**PROBLEM REQUIREMENTS**: Include no pictures. Output exactly the lines from the one that contains "Answer in one word or a short phrase." through the final line of the entries.

-- ENTRIES SHOWN follows --

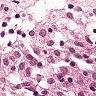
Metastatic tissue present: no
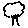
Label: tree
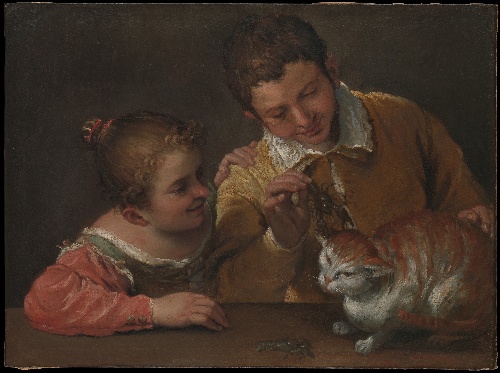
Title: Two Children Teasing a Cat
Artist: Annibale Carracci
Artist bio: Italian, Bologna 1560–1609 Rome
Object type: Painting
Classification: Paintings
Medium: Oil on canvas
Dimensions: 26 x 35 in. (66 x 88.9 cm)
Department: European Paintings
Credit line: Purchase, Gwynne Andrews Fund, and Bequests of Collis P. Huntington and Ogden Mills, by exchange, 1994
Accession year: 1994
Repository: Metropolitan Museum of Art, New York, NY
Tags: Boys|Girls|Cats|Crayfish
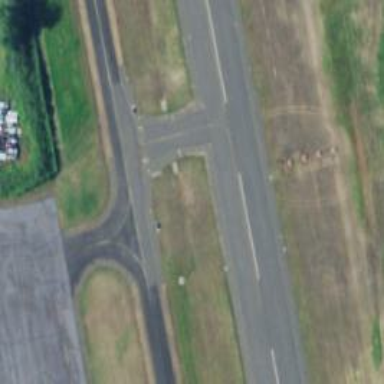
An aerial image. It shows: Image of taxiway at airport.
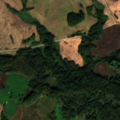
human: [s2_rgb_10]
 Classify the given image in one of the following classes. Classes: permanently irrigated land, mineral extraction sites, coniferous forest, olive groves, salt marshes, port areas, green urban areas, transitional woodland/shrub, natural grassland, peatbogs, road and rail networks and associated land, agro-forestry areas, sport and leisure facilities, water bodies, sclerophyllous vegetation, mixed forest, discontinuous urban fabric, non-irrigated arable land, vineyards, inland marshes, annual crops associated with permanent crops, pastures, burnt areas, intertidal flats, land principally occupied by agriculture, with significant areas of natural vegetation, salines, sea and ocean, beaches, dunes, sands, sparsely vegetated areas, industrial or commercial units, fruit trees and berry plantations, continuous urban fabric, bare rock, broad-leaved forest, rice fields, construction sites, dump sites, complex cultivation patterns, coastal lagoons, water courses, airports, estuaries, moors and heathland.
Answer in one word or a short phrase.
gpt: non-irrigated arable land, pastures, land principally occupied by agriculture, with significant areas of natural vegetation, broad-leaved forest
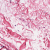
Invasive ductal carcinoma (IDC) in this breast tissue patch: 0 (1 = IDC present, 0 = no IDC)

-- ENTRIES SHOWN concluded --

**WORKED SOLUTION**:
Answer in one word or a short phrase.
gpt: non-irrigated arable land, pastures, land principally occupied by agriculture, with significant areas of natural vegetation, broad-leaved forest
Invasive ductal carcinoma (IDC) in this breast tissue patch: 0 (1 = IDC present, 0 = no IDC)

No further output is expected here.